Given records
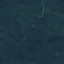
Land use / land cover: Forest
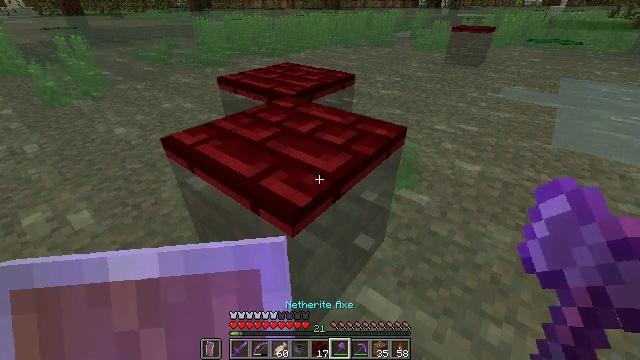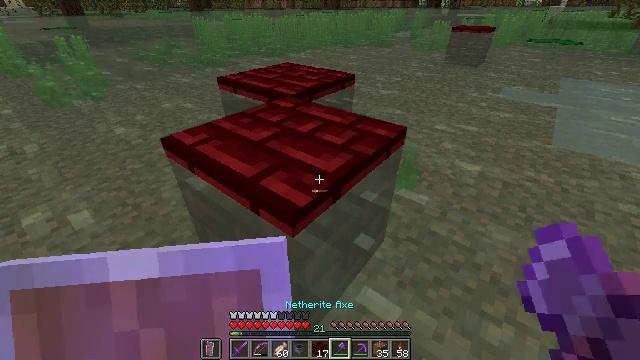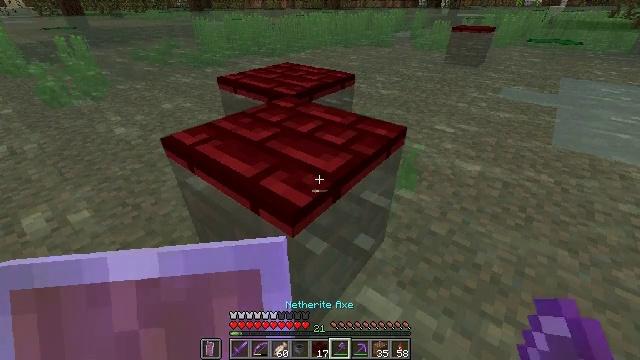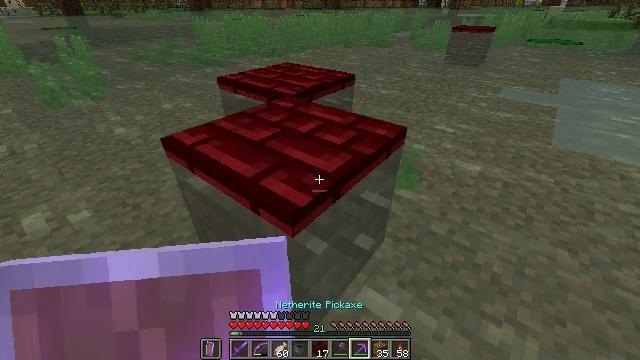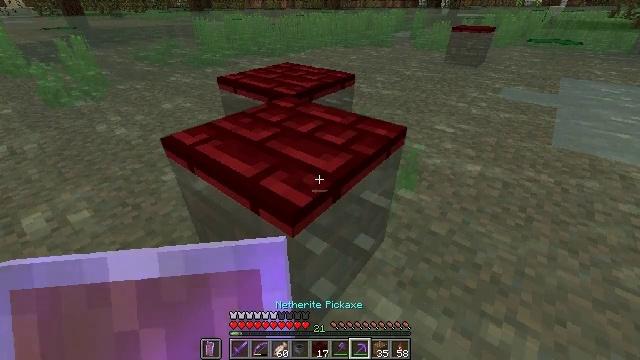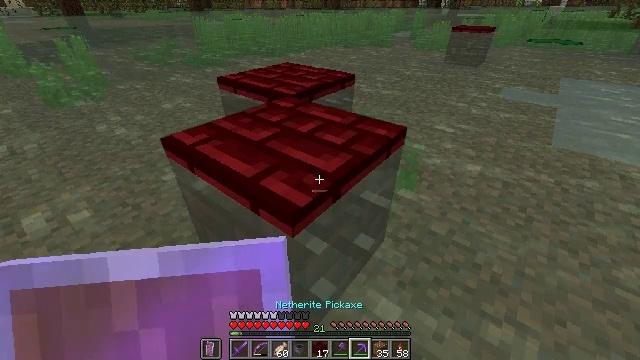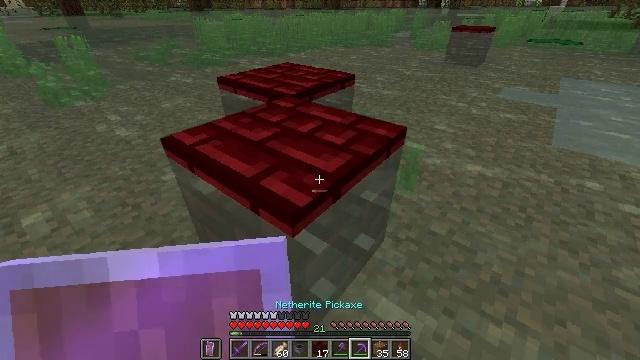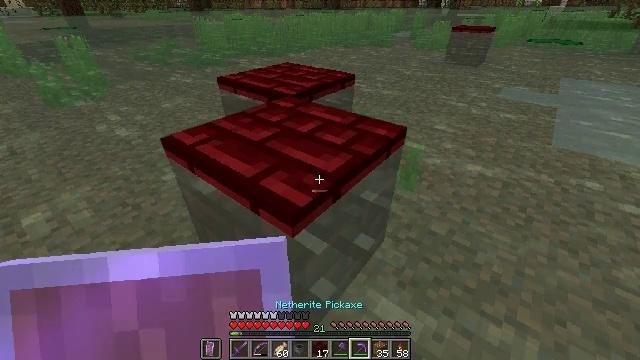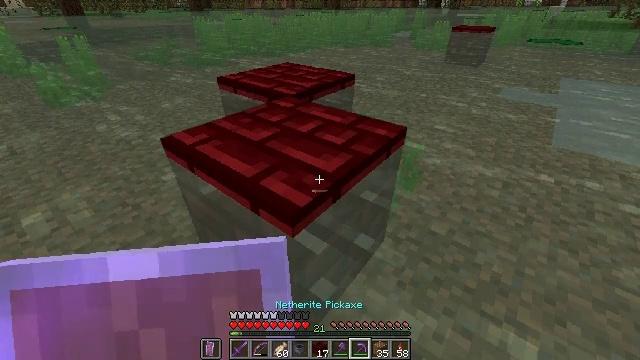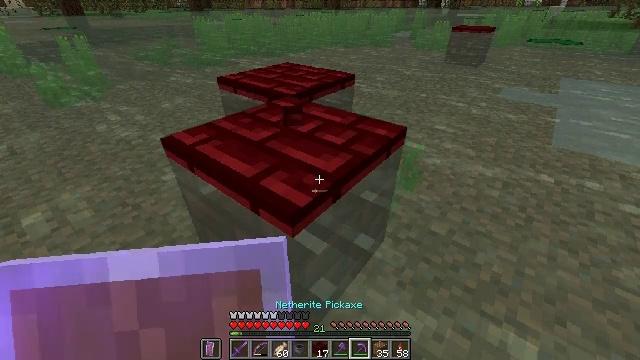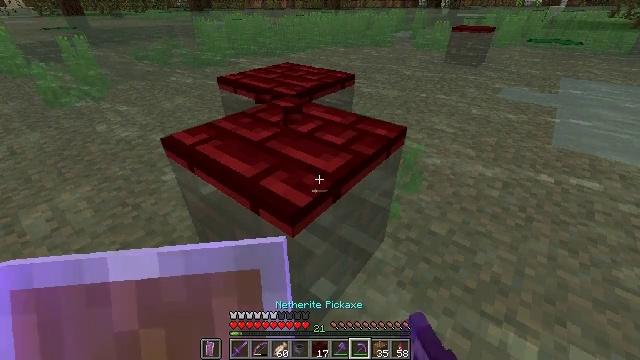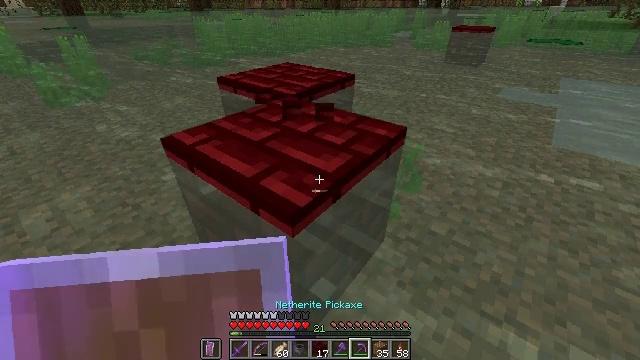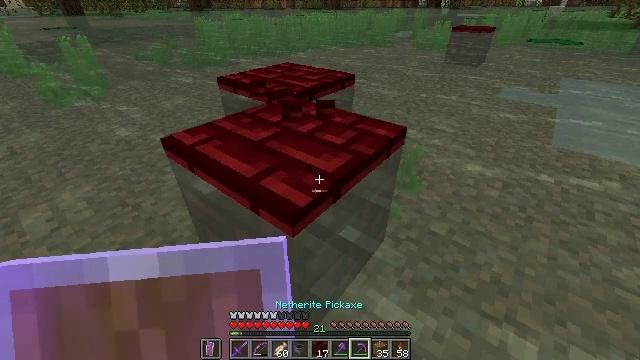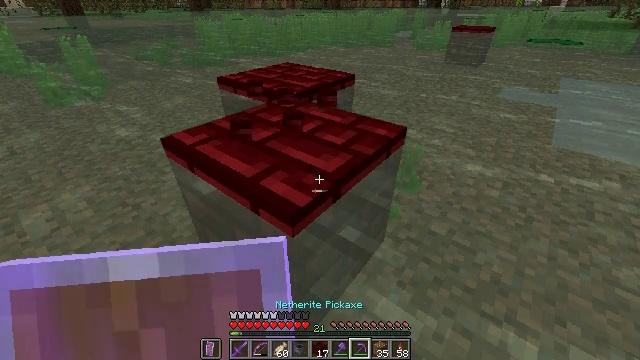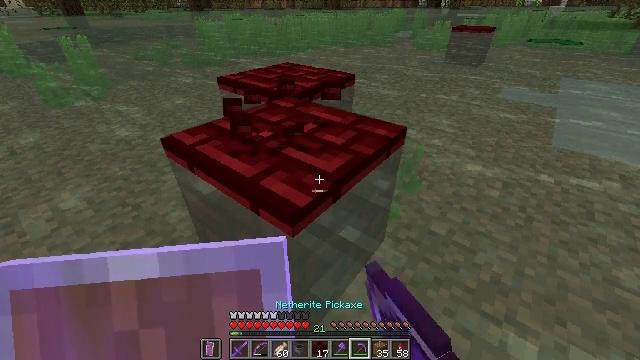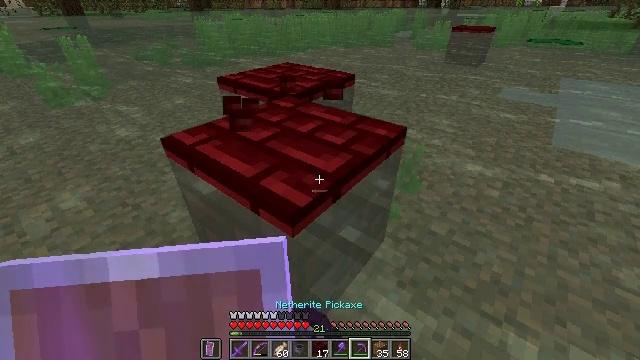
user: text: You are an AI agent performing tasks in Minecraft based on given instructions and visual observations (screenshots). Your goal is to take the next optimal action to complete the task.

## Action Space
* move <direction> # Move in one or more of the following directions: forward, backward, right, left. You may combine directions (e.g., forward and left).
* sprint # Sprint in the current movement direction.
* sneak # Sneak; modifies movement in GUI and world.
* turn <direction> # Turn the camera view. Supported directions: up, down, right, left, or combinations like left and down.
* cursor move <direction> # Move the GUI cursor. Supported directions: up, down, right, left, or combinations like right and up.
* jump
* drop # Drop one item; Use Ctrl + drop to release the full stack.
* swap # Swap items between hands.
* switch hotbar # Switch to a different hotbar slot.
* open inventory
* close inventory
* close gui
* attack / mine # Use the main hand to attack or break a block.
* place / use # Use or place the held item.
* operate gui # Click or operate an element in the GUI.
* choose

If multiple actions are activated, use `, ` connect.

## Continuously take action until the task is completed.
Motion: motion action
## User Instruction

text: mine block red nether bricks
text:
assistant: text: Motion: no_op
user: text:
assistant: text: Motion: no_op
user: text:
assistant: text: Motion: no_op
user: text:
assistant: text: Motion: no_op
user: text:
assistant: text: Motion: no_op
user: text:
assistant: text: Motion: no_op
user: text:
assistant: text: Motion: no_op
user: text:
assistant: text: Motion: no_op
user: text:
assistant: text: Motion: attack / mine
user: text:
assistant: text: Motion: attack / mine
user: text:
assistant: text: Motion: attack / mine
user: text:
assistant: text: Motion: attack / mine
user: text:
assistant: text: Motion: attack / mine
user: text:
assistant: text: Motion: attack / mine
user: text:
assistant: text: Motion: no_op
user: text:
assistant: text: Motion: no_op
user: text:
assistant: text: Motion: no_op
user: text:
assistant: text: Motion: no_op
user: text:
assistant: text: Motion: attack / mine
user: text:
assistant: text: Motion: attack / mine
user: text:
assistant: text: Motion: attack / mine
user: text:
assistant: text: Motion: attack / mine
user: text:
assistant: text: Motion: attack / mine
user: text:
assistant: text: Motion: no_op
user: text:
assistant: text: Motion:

What is being asked
Using the records above, restate word for word the lines from the one with "user: text: You" through the one with "## Action Space", both included.

Solution to this problem
user: text: You are an AI agent performing tasks in Minecraft based on given instructions and visual observations (screenshots). Your goal is to take the next optimal action to complete the task.

## Action Space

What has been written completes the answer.